In fact, change-point analysis is just a clustering problem. We can apply the methods we have already learned, almost without modification. Suppose we divide the time series into time ranges R1, R2, etc. Within each range, the time series has a mean value. The sum-of-squares about this mean value is the scatter of the region. The sum of the region scatters measures the quality of the division into regions. A division with lower sum-of-squares is more likely to correspond to the true change-points.
The find the best division of the time series, we can start by making each point is own region. Then merge regions which are adjacent in time so that the sum-of-squares is minimum.
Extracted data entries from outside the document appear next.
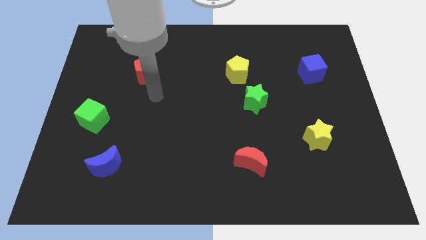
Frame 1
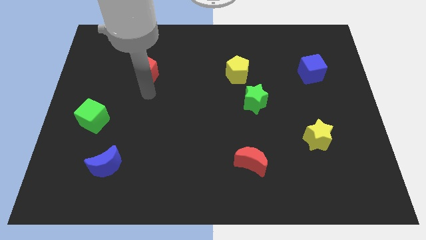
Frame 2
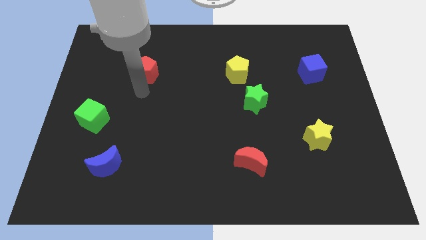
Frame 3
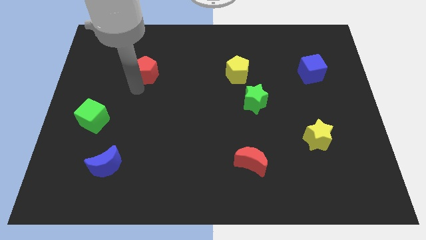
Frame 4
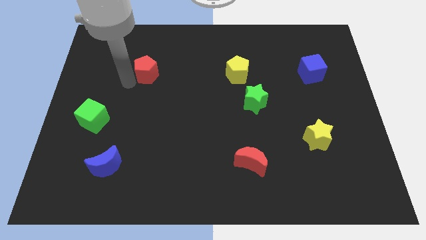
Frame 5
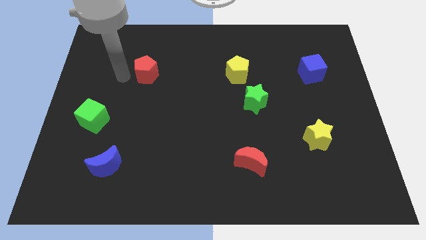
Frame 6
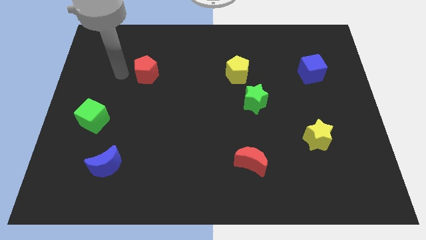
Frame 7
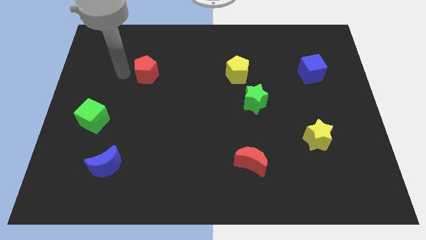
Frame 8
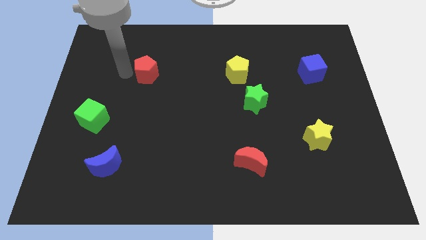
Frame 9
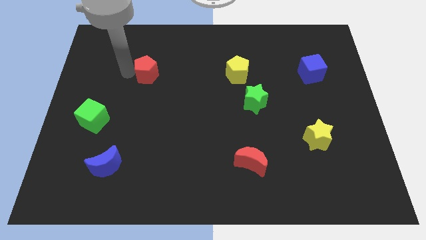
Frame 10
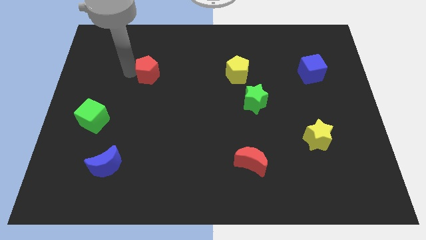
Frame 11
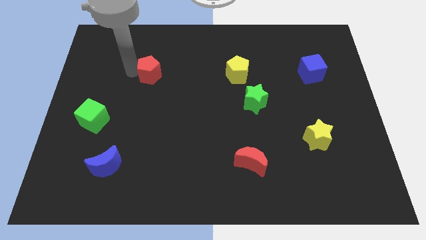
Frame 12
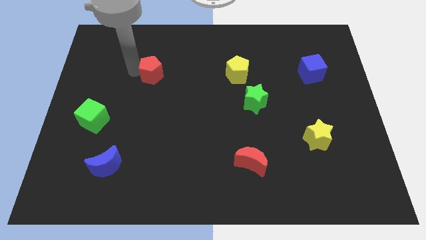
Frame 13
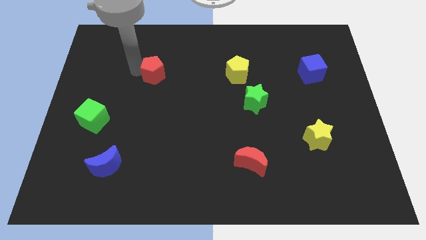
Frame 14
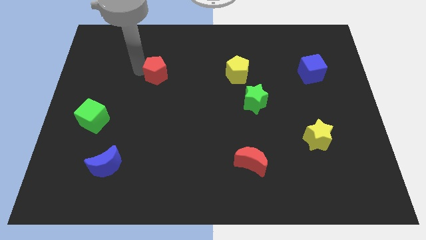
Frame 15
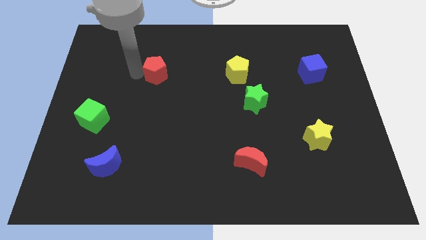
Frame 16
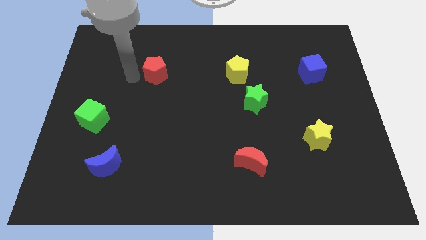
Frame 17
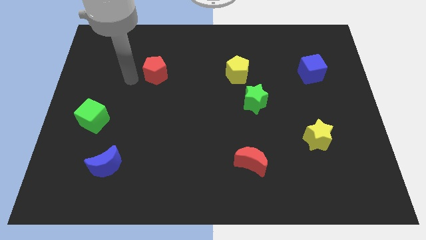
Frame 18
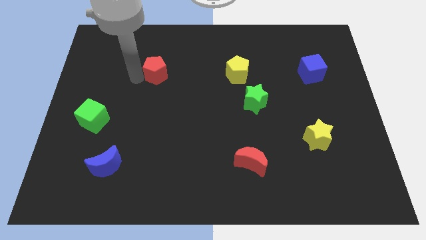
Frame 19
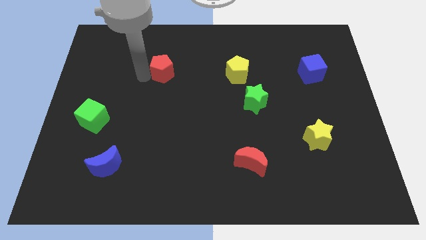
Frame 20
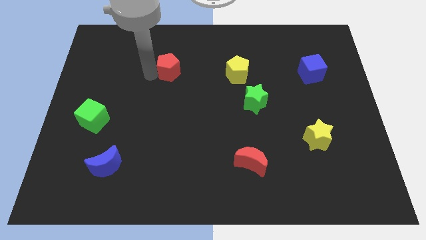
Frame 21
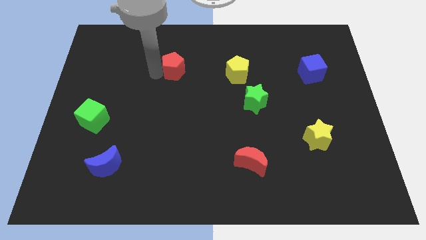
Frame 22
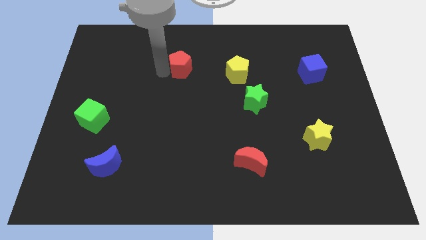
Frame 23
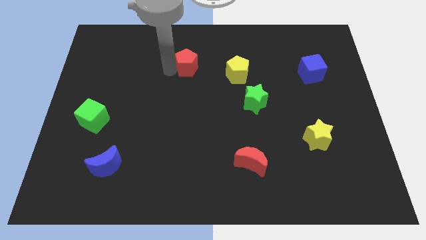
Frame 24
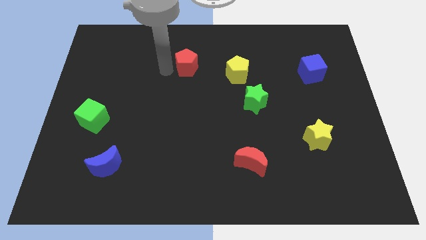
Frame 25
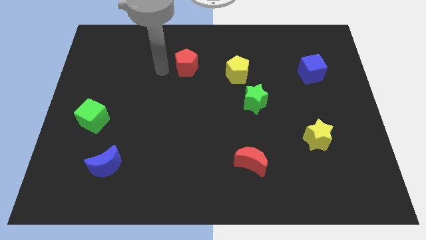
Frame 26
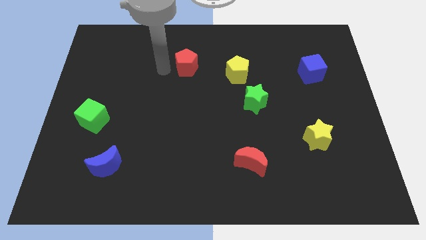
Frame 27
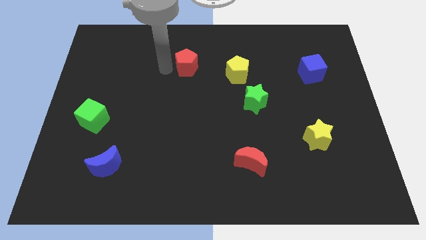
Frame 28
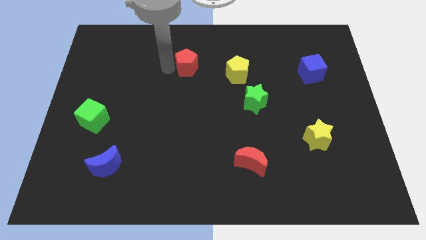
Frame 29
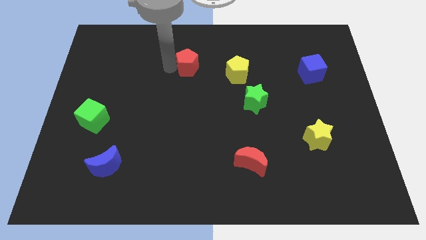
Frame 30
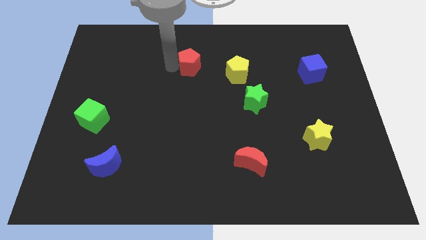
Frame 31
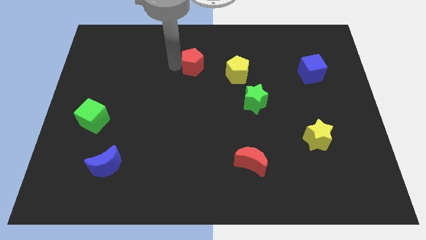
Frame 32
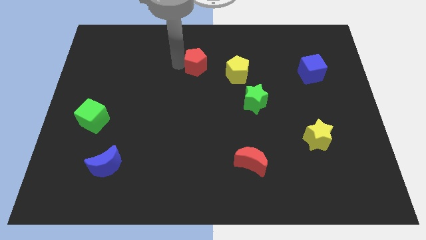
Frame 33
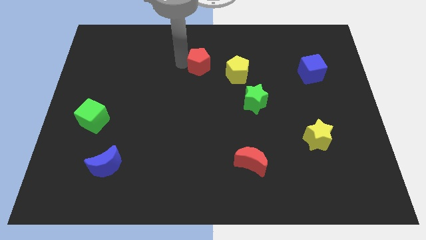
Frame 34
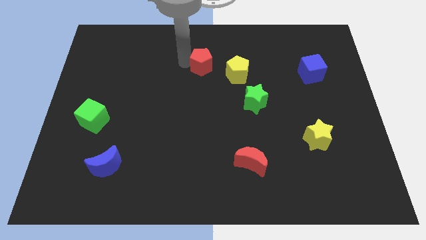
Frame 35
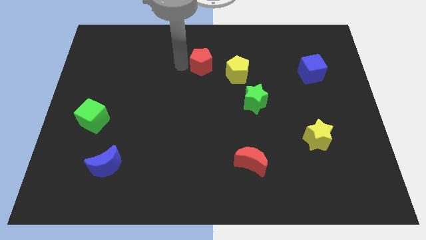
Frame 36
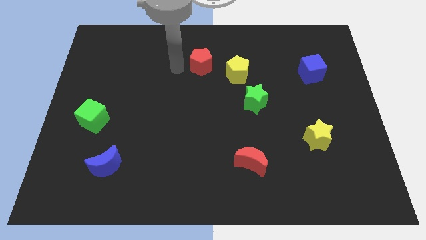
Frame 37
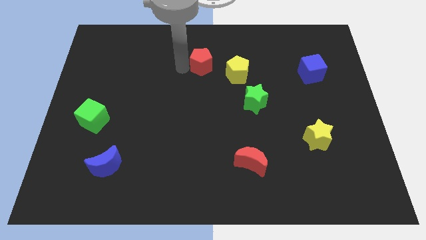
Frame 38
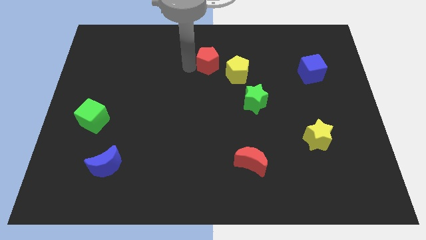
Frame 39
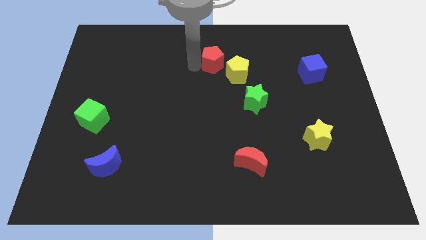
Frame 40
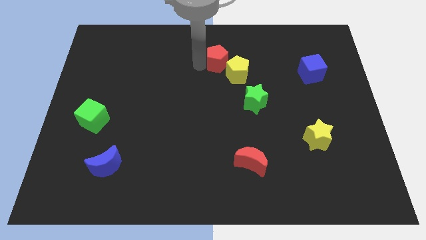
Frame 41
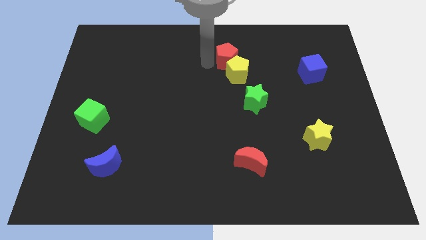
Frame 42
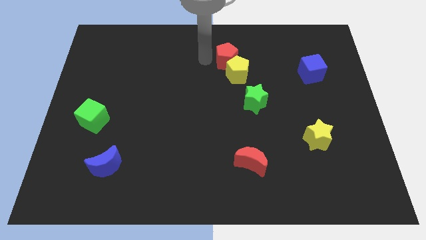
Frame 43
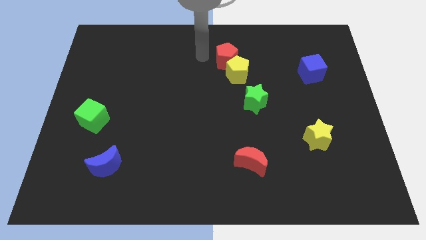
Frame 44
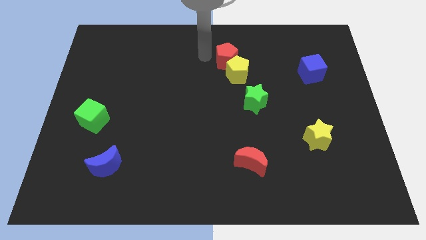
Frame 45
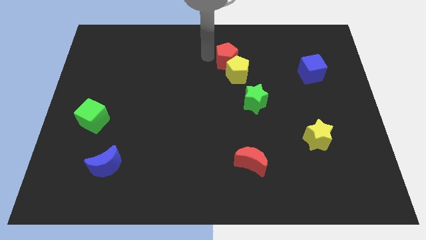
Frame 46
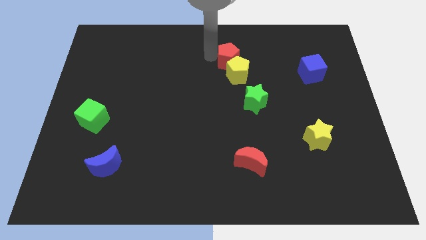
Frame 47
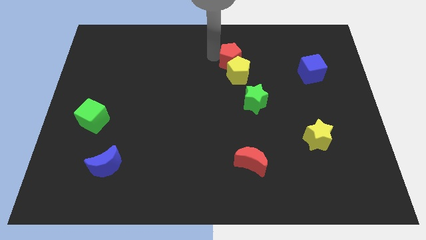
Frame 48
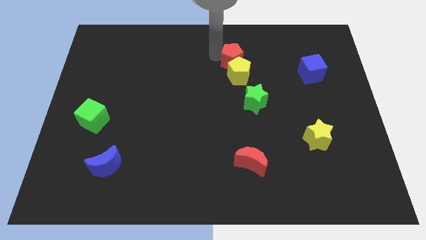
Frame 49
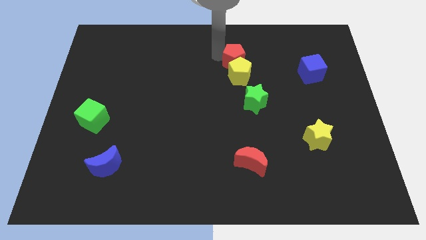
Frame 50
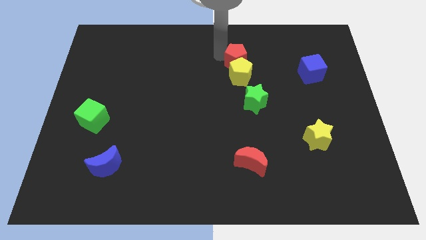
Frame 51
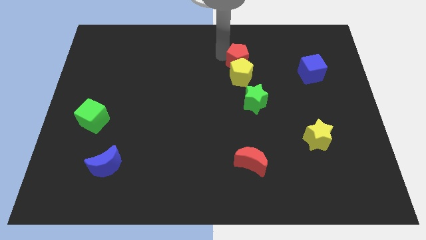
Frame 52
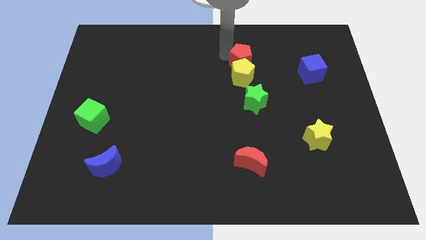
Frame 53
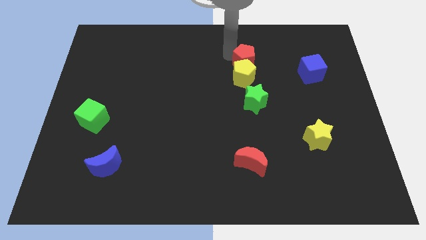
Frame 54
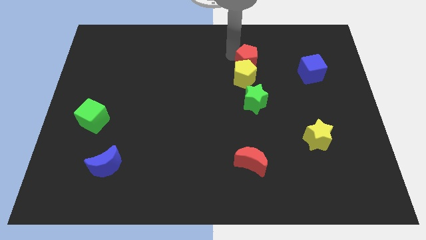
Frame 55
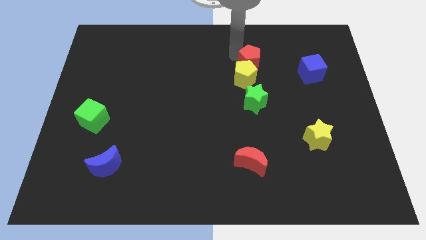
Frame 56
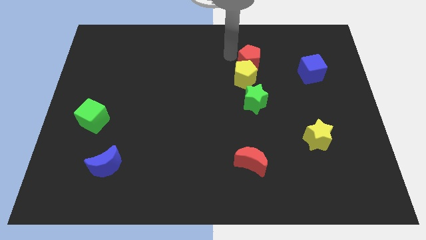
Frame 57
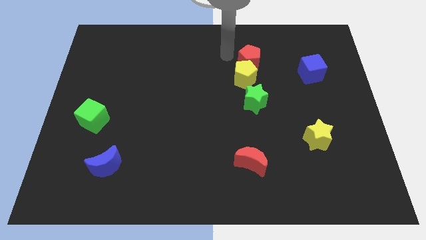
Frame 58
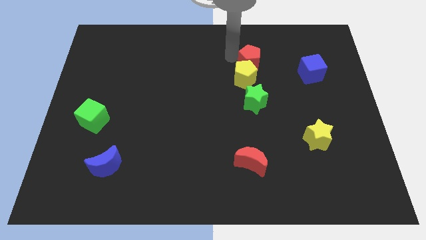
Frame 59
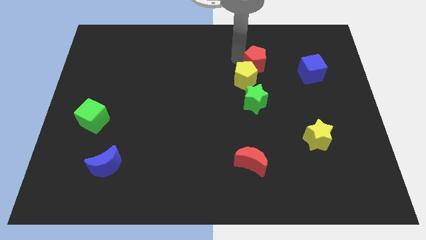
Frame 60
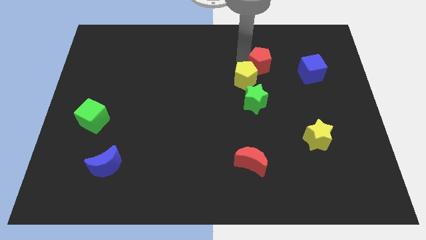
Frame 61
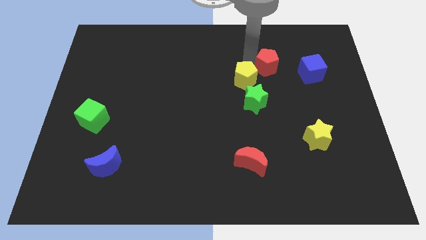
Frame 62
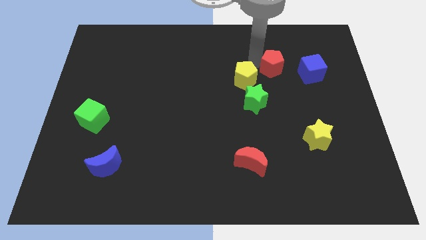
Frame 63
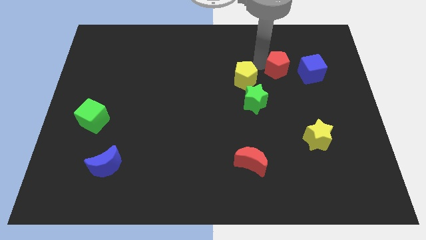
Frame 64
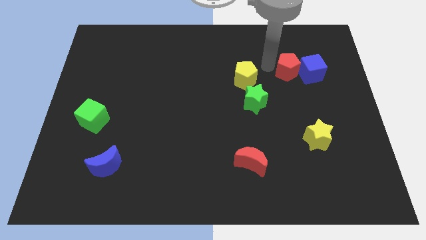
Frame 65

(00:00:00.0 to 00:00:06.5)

This is exactly the same as Ward's method, except for the time-adjacency constraint. k-means works, too.
Below is a plot of the water level of lake Huron each year from 1875-1972.
The time series has lots of structure, but it is difficult to see it from
this plot.
Here is the result of running Ward's method to get two regions:
It appears that a major change happened after the first 16 years.
The blue lines are the average water level in each region.
The merging trace suggests six regions is also interesting.
Here is the result of stopping Ward's method at six regions:
This plot suggests that the water level after the first 16 years
has been oscillating between two different values, with variable amounts
of time between changes. There also seems to be a mini-oscillation on top of
this one.
Here is the R code to make these plots:
source("clus1.r") library(ts) data(LakeHuron) x <- as.numeric(LakeHuron) plot(x,type="l",main="Lake Huron annual water level",xlab="year",ylab="level") break.chpt(x,2) break.chpt(x,6)
The figure below shows a scatterplot of price versus each of 12 predictor variables in a dataset of house prices in Boston. Each data point is an aggregate over several houses in a small area. These plots are useful for determining which predictors are relevant. The green line shows the overall trend. A trend upward or downward means a variable is relevant to price. Apparently, most of the predictors are relevant, at least in specific regions. However, these scatter plots don't show how the variables interact in predicting price.
By clustering the response variable, price in this case, we can divide the
data into simpler sub-populations. We can then analyze the detailed
behavior within the sub-populations, or make gross comparisons between the
sub-populations. The appropriate principle in this case is the within
principle. Below is a histogram of the price variable along with the
breaks found by k-means:
The breaks seem pretty reasonable.
However, there is something strange about this histogram. The last bin
is unusually large. In fact, 16 of the data points have price exactly
equal to "50", corresponding to $50,000. Most likely, the
actual prices are greater, but simply rounded down to 50.
Therefore we might want to split off this bin into a separate cluster.
To get an idea of how the predictors interact, we can make a scatterplot
two of them, coloring the points according to which price bin they fall
into. Effectively, we see three variables in the same plot.
Here is "number of rooms" versus "lower-income status":
The price categories, from lowest to highest, are colored black, red,
green, dark blue, and light blue.
There is clearly
a relationship between the lower-income status and the number of rooms, but
that is of secondary interest.
The important aspect is that the main difference between the lowest
priced homes and the rest is lower-income status, while the main difference
among the higher-priced homes is the number of rooms.
In fact, if you look back at the plots of rm vs. price and
lstat vs. price, both have a change in slope at price 20
(halfway through the red class), with
rm becoming more important for higher priced homes.